→ Task item
Output the records precisely as they stand. Pictures are to be skipped.

Collected data
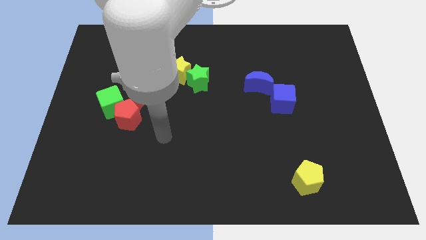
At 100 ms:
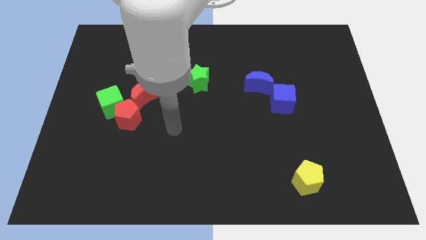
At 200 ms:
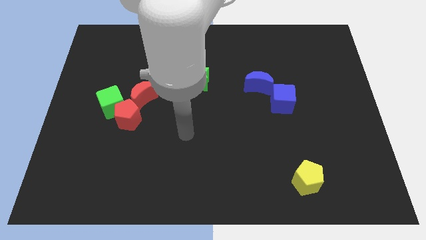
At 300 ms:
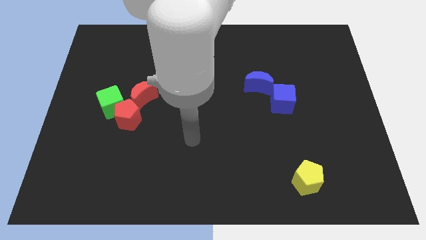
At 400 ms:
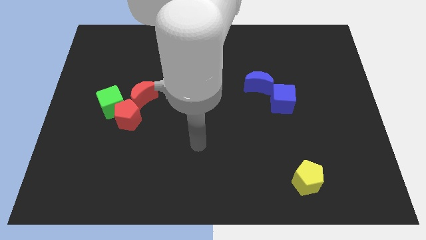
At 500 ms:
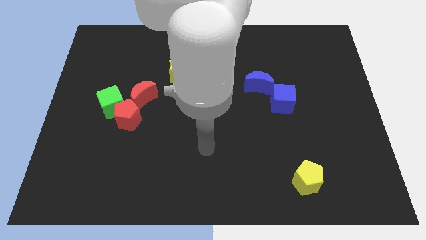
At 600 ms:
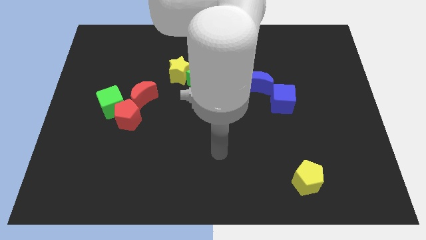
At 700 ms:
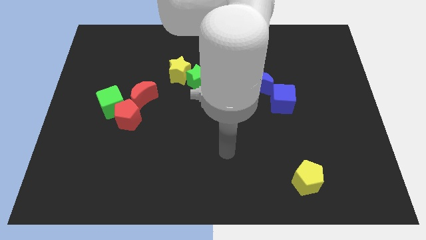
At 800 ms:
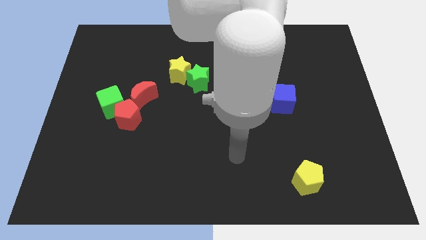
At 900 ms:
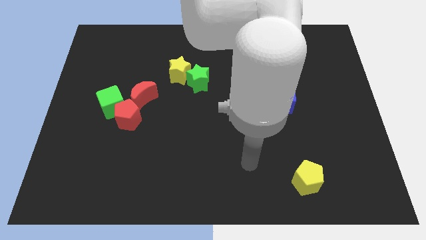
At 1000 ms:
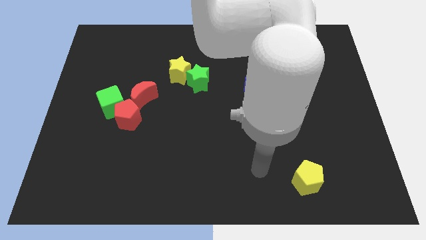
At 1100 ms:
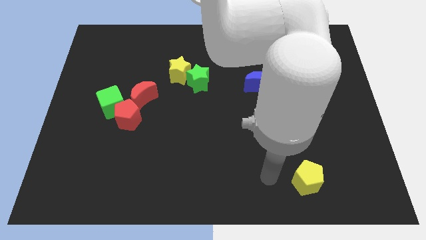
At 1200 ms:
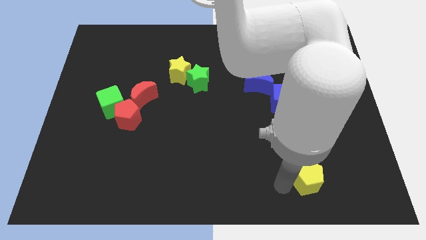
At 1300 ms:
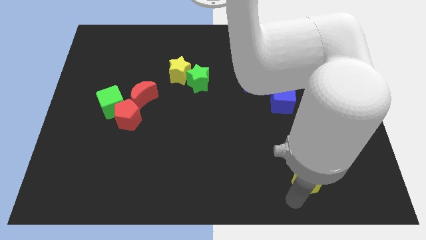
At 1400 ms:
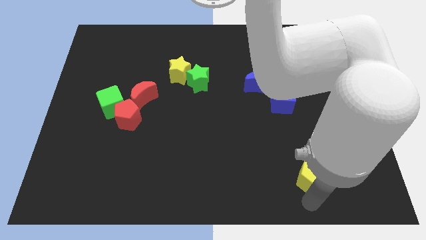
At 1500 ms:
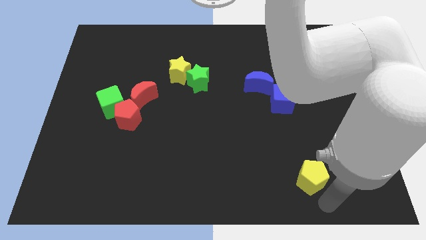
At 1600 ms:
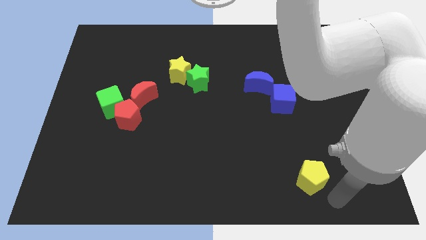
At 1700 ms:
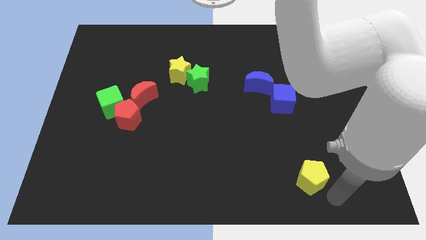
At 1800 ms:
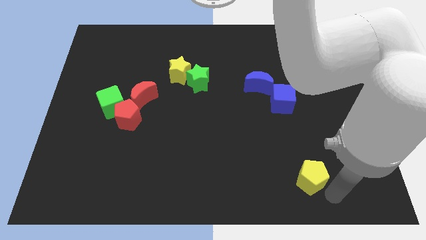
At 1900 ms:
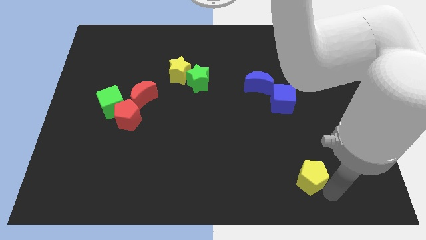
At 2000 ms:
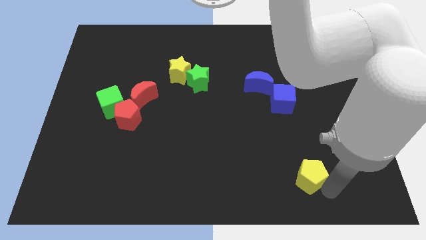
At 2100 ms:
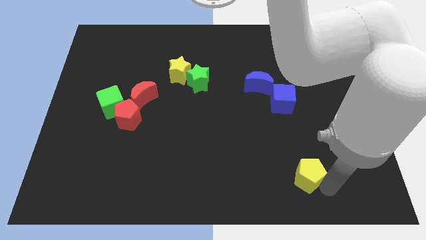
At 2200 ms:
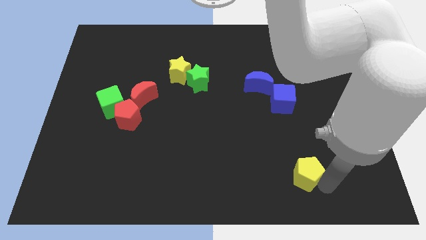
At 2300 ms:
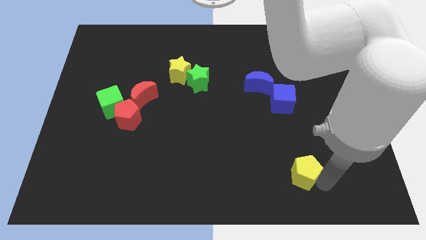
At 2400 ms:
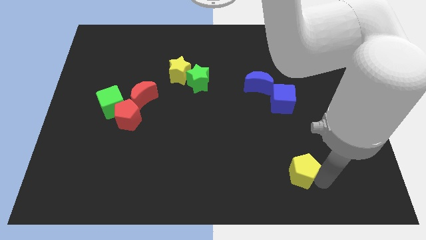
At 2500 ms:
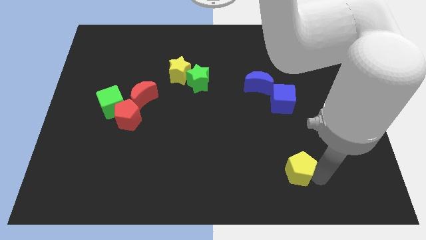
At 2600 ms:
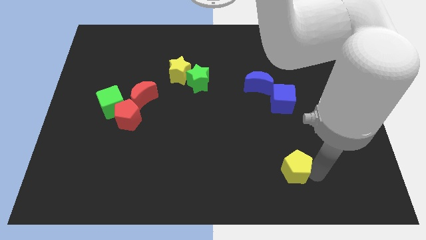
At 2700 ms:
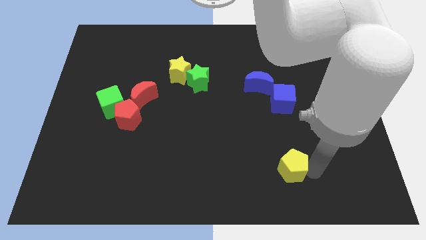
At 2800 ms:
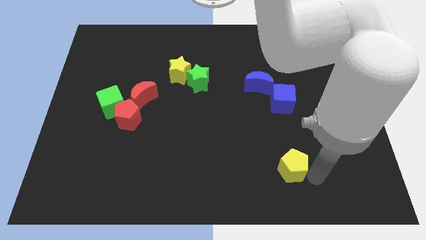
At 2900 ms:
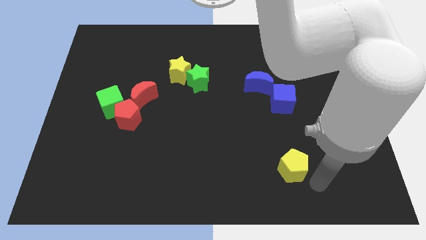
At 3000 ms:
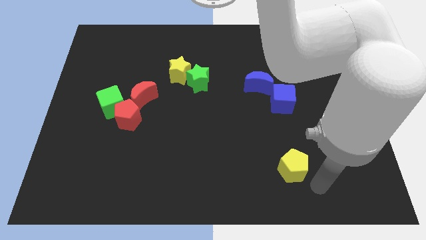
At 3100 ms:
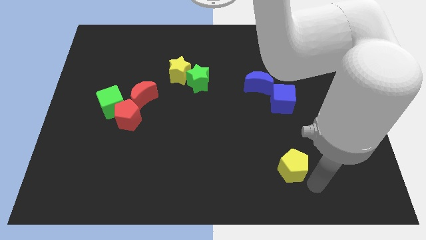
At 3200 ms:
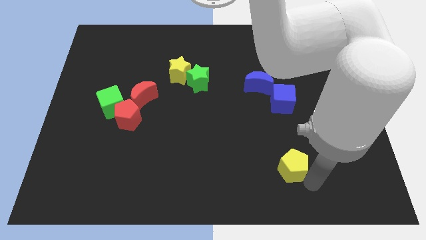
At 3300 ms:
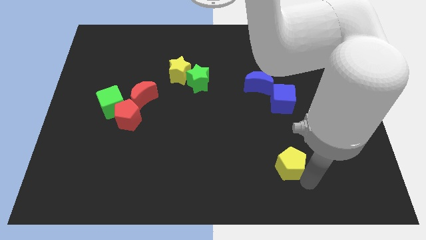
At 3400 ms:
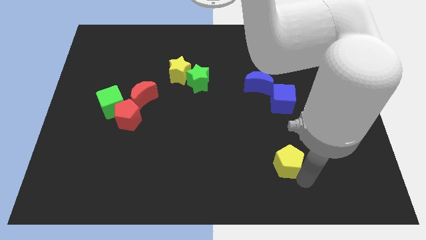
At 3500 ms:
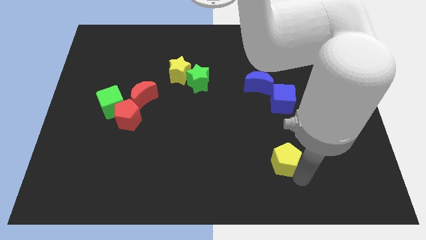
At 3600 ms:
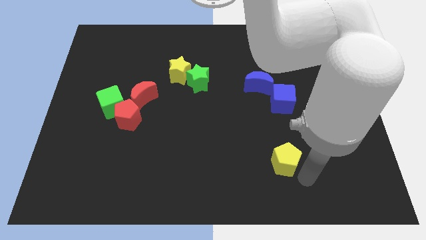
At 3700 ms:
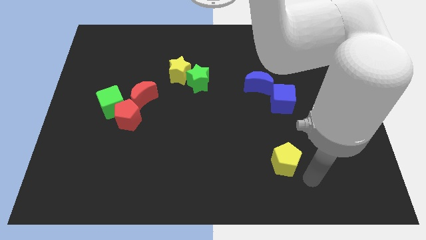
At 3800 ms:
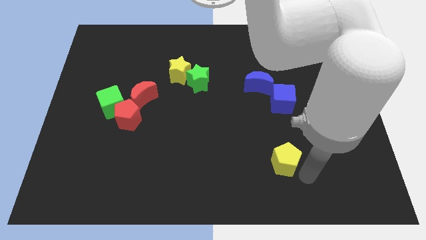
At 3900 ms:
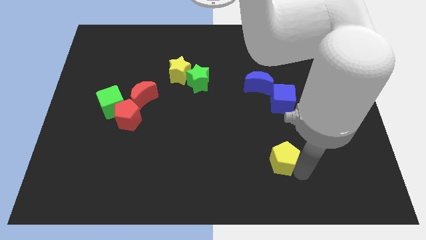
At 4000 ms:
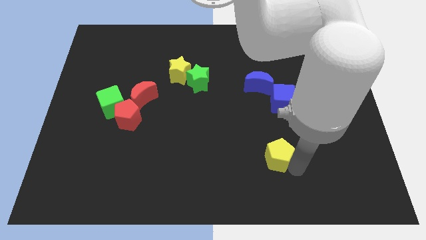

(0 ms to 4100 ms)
slightly move the yellow pentagon up and left diagonally

→ Solution to this problem
At 100 ms:
At 200 ms:
At 300 ms:
At 400 ms:
At 500 ms:
At 600 ms:
At 700 ms:
At 800 ms:
At 900 ms:
At 1000 ms:
At 1100 ms:
At 1200 ms:
At 1300 ms:
At 1400 ms:
At 1500 ms:
At 1600 ms:
At 1700 ms:
At 1800 ms:
At 1900 ms:
At 2000 ms:
At 2100 ms:
At 2200 ms:
At 2300 ms:
At 2400 ms:
At 2500 ms:
At 2600 ms:
At 2700 ms:
At 2800 ms:
At 2900 ms:
At 3000 ms:
At 3100 ms:
At 3200 ms:
At 3300 ms:
At 3400 ms:
At 3500 ms:
At 3600 ms:
At 3700 ms:
At 3800 ms:
At 3900 ms:
At 4000 ms:

(0 ms to 4100 ms)
slightly move the yellow pentagon up and left diagonally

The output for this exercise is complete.